Aspen and EC strike deal to cut prices of off-patent cancer medicines
DURBAN - ASPEN Pharmacare said yesterday it had reached a deal with the European Commission to reduce prices for six off-patent cancer medicines by 73 percent in Europe, addressing excessive pricing concerns.
The commission opened an investigation into Aspen in 2017 following concerns that Aspen might have abused its dominant position by imposing unfair prices in accordance with Article 102(a) Treaty on the Functioning of the European Union and Article 54 of the European Economic Area Agreement.

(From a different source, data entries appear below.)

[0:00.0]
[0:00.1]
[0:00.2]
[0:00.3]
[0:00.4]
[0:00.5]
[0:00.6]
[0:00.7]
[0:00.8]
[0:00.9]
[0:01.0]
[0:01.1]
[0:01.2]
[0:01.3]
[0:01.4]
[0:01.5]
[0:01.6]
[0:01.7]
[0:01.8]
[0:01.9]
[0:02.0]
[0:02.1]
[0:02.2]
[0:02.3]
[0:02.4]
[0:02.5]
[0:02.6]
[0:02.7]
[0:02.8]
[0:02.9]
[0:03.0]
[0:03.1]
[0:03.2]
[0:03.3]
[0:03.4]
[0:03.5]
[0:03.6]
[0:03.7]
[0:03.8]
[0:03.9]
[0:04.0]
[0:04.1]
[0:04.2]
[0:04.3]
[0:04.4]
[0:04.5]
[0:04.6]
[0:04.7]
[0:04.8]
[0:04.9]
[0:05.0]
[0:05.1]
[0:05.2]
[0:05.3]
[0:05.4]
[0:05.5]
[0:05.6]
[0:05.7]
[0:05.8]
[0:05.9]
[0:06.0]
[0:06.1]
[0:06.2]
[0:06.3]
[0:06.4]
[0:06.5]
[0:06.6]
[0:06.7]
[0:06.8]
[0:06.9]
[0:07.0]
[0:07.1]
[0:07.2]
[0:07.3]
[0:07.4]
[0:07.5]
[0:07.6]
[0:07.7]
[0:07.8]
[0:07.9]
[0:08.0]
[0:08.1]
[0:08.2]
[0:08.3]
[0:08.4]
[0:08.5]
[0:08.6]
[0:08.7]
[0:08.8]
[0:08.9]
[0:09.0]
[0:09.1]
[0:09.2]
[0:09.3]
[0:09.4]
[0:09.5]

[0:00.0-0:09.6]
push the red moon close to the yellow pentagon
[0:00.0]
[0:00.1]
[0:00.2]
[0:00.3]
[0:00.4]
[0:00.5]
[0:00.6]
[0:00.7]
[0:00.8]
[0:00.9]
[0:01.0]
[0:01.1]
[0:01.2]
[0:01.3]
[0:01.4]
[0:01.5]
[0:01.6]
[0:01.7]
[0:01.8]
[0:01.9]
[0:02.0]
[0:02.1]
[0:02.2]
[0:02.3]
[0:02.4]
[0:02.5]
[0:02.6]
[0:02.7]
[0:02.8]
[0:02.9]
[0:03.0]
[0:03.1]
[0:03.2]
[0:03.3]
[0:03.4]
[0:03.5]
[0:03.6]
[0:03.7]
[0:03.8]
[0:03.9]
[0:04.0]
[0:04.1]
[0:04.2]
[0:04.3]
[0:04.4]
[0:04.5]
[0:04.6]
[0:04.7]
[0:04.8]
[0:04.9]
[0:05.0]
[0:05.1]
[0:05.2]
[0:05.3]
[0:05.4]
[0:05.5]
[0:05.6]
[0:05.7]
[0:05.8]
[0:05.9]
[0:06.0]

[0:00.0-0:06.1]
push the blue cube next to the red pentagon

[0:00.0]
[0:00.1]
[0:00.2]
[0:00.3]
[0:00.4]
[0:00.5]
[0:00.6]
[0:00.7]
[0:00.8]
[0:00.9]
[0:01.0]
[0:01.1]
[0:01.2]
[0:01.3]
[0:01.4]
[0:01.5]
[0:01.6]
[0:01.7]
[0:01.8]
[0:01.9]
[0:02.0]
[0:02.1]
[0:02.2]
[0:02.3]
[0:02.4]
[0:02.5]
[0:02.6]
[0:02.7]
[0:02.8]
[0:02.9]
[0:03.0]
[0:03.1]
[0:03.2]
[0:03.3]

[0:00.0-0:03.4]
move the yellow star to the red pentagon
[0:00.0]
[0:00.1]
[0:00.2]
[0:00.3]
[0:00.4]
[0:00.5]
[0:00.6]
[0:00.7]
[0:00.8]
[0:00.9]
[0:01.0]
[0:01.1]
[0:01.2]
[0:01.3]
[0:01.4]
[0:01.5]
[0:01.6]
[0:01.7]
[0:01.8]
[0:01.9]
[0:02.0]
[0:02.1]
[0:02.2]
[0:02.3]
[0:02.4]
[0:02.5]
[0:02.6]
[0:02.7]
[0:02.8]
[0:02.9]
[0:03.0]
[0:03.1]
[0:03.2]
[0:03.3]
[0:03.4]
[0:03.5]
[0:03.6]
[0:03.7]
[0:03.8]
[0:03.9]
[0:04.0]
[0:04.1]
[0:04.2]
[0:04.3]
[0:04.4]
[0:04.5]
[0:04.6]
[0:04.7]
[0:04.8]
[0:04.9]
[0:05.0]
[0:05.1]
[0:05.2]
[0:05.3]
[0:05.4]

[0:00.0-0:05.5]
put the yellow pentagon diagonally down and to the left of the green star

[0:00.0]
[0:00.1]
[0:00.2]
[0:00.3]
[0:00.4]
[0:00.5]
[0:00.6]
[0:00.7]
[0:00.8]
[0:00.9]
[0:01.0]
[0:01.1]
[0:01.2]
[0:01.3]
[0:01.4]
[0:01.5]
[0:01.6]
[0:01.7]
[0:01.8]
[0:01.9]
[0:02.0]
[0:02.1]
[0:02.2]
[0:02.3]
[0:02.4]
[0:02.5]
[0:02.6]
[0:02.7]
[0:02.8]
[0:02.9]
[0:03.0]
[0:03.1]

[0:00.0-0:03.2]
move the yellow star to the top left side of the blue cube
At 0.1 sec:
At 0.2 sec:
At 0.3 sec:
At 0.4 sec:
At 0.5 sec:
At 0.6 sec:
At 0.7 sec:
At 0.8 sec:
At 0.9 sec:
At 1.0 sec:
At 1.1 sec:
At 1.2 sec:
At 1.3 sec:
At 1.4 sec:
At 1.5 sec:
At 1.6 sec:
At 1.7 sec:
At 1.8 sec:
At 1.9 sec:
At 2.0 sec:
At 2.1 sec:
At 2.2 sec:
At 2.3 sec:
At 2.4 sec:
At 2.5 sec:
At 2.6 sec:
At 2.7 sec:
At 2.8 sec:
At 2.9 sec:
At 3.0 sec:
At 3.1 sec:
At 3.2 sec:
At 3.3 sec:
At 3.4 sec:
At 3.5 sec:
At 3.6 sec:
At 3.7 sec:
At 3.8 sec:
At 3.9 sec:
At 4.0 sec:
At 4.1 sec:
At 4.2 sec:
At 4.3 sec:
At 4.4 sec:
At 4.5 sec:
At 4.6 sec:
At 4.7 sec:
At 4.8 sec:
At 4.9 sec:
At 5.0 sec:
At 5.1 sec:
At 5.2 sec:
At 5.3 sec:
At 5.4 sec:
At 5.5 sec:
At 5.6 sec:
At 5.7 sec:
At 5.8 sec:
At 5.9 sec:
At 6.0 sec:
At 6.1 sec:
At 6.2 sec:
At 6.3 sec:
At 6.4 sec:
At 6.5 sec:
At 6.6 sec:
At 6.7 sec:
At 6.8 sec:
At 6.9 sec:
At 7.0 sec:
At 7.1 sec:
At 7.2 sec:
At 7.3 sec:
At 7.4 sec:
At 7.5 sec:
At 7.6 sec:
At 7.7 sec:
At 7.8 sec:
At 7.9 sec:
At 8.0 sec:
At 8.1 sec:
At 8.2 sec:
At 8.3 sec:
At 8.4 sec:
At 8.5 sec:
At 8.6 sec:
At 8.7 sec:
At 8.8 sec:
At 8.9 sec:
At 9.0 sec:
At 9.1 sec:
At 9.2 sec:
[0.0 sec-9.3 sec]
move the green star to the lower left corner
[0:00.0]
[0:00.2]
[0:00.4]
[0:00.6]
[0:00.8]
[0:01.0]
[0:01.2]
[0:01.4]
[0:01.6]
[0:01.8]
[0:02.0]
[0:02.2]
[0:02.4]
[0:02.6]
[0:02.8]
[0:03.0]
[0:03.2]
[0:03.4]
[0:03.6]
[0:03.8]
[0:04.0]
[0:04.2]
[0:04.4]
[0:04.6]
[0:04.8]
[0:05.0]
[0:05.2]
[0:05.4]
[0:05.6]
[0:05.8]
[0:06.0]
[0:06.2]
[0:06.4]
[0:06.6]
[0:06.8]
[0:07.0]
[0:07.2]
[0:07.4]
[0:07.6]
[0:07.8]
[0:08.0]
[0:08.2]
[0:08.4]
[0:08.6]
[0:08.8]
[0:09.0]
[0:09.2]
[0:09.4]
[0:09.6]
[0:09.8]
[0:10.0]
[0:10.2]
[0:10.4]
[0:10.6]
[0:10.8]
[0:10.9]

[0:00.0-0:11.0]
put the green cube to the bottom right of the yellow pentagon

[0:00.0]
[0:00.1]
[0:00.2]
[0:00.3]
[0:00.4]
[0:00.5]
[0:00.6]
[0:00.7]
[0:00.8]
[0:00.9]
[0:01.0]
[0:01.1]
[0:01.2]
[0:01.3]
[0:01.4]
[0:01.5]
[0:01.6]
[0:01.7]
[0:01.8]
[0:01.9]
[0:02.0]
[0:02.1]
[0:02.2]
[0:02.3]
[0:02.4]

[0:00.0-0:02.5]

However, Aspen said yesterday it had disagreed with the commission’s preliminary assessment last year in July, but in order to meet the commission’s competition concerns, the group proposed commitments to the commission that would be satisfactory to all the parties involved.
The proposed commitments of last year, which became binding agreements yesterday, involved Aspen cutting its prices by between 27 and 79 percent, resulting in an average of 73 percent reduction a product in the European Economic Area (EEA), excluding Italy.
Aspen said it would maintain the reduced prices for ten years and guarantee supply for at least five years. “After five years, should Aspen wish to cease commercialising any of the products it will make them available for sale to a third party, or absent an interested purchaser, maintain the marketing authorisations,” the group said.
Aspen said it would make a onetime payment to the relevant entities responsible for reimbursement of medicines and other beneficiaries as appropriate to bridge the implementation of the price reductions.
“This payment is in line with the €24 million (R430m) that Aspen had provided in respect of this matter in its financial statements for the year to end June 2020,” the group said.
Executive Vice-President Margrethe Vestager, in charge of competition policy at the European Commission, said yesterday: “As a result of today’s (yesterday’s) decision, Aspen has to radically reduce its prices across Europe for six medicines that are essential to treat certain serious forms of blood cancer, including myeloma and leukaemia. “Some patients, including young children, depend on these medicines for their treatment. Aspen’s commitments will save European health systems many dozens of million euros and will ensure that these crucial medicines remain available. Today’s (yesterday’s) decision gives a strong signal to other dominant pharmaceutical companies not to engage in abusive pricing practices to exploit our health systems,” she said.
Aspen said it was pleased that the commission has accepted the binding commitments resulting in the resolution of this matter.
“Aspen is focused on ensuring supply and access to quality, affordable pharmaceuticals for our patients.
“This object has been achieved over many years and is reflected in the role it has played in saving millions of lives across Africa through pioneering and supplying generic antiretroviral medicine for the treatment of HIV/Aids,” the group said.
The group added that the current Covid-19 crisis had demonstrated the importance of governments and companies in co-operating to prioritise access to pharmaceuticals.
“Aspen, as a leading supplier of anaesthetics, thrombosis treatments and most recently dexamethasone, has and will continue to work closely with authorities to ensure the supply of medically critical products throughout the world, including in the EEA,” the group said.
Aspen shares closed 0.16 percent higher at R143.23 on the JSE yesterday.